This seems to be the way of things right now doesn't it? I look at the last month or so and everything is so fragmented, all the little routines have fallen apart, I feel like I'm in fog all the time through lack of sleep, and my blogging is either short and ramble-y or just pictures! Life with all of us in the house doesn't fit into my neat little boxes (when has anything ever?) and there is often very little to say about it anyway.
Things are quite good. And quite busy.
We have been board-gaming. We have walked. And shopped (oh how I hate shopping at the moment, still, I dealt with my urgent need for clothes and they are rainbow coloured and that is all to the good). The children have read stories and fed their dollies and chatted so much I think my ears might fall off (now who could they take after?) and played those hysterically funny games where I can only watch and try to remember.
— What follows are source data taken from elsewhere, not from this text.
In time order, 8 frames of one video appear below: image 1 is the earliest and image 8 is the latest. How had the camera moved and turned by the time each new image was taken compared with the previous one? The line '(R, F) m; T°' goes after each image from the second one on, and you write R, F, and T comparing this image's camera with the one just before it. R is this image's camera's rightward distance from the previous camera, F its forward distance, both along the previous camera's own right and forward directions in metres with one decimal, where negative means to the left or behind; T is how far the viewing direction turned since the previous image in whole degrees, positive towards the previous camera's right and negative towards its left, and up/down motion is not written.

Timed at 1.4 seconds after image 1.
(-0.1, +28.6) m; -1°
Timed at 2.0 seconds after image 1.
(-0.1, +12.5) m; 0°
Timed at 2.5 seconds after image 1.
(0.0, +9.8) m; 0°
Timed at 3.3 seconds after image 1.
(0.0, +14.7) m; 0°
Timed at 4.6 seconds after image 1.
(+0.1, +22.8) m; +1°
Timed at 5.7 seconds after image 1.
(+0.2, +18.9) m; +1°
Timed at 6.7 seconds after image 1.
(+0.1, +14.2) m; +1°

We gave up dithering temporarily and hired a carpet cleaning machine so that I can exchange my concern about the baby crawling on the filthy rug for my concern about the soap formula and potential fumes. We looked for a highchair, decided we don't need one, and almost bought one anyway, before deciding we really don't need one. For now. I'm feeling a bit of a failure at making green choices, perhaps because so many things have seemed to need doing urgently recently and the time and money to think about what our options are is never there.
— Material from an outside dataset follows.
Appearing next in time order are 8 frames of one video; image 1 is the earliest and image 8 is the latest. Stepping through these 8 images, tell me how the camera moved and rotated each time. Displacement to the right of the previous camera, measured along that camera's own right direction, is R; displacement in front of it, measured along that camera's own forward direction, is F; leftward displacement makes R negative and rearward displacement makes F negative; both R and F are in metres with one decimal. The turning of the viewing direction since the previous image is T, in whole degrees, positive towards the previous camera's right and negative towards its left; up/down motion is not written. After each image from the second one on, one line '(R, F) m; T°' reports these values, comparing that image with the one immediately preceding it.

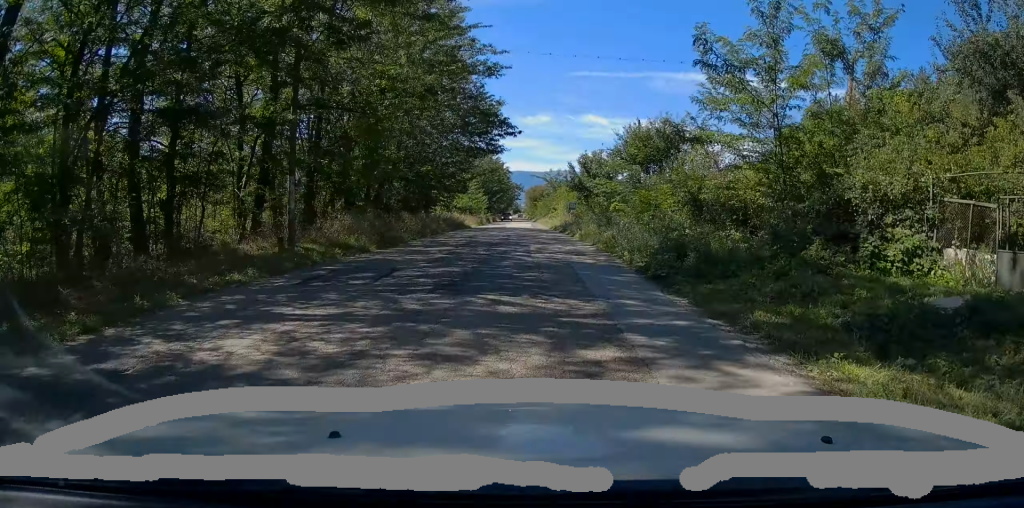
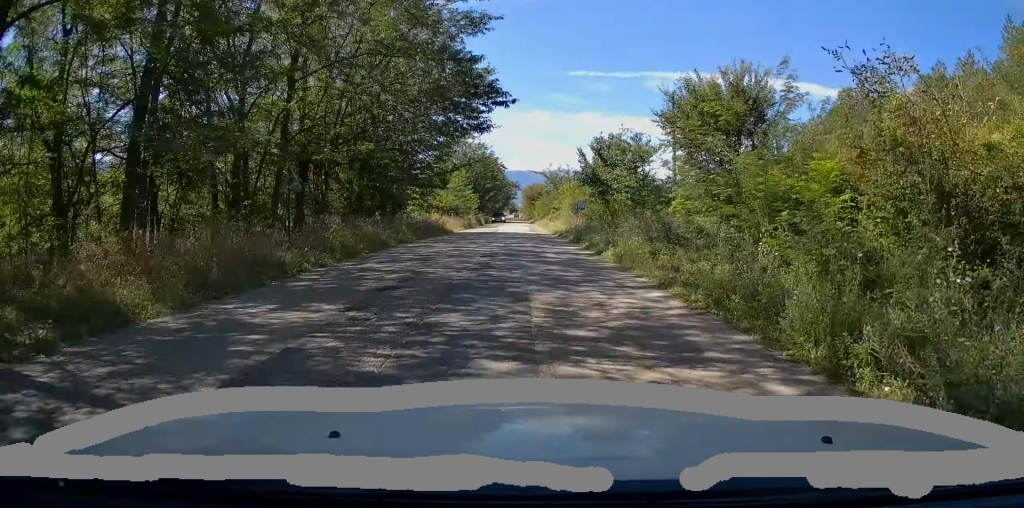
(-0.3, +11.2) m; 0°
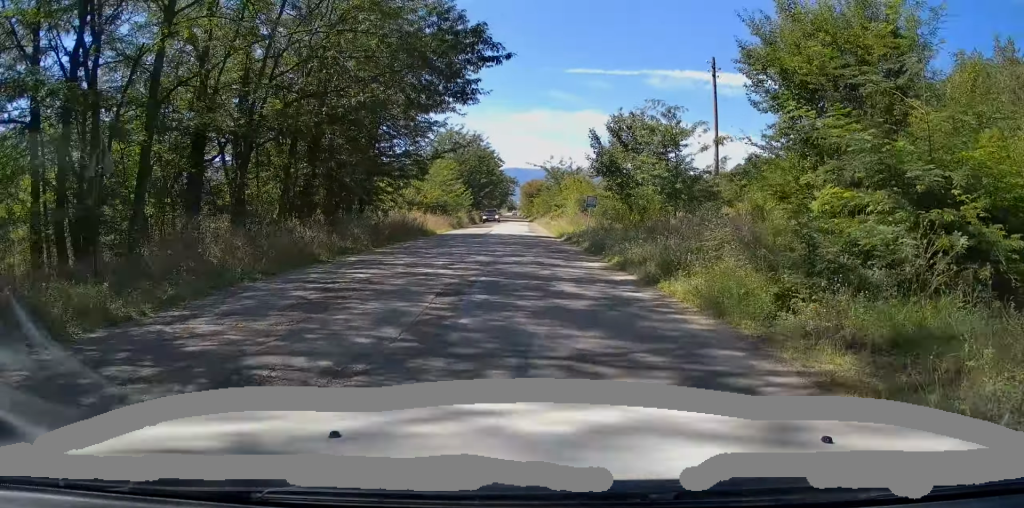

Not to mention the takeaway, which seems to have re-entered my life with a vengeance.
I sigh, and plan, and hope to do better. Oh don't worry, I'm not being too hard on myself and I'm not spiraling into blame and depression, just re-evaluating. Always re-evaluating.
The baby has pulled her little self up to standing several times a day over the last week. And when we told Jenna that we're going away this weekend, to the Green Parent meet, she was so happy she cried. Sometimes things just are what they are.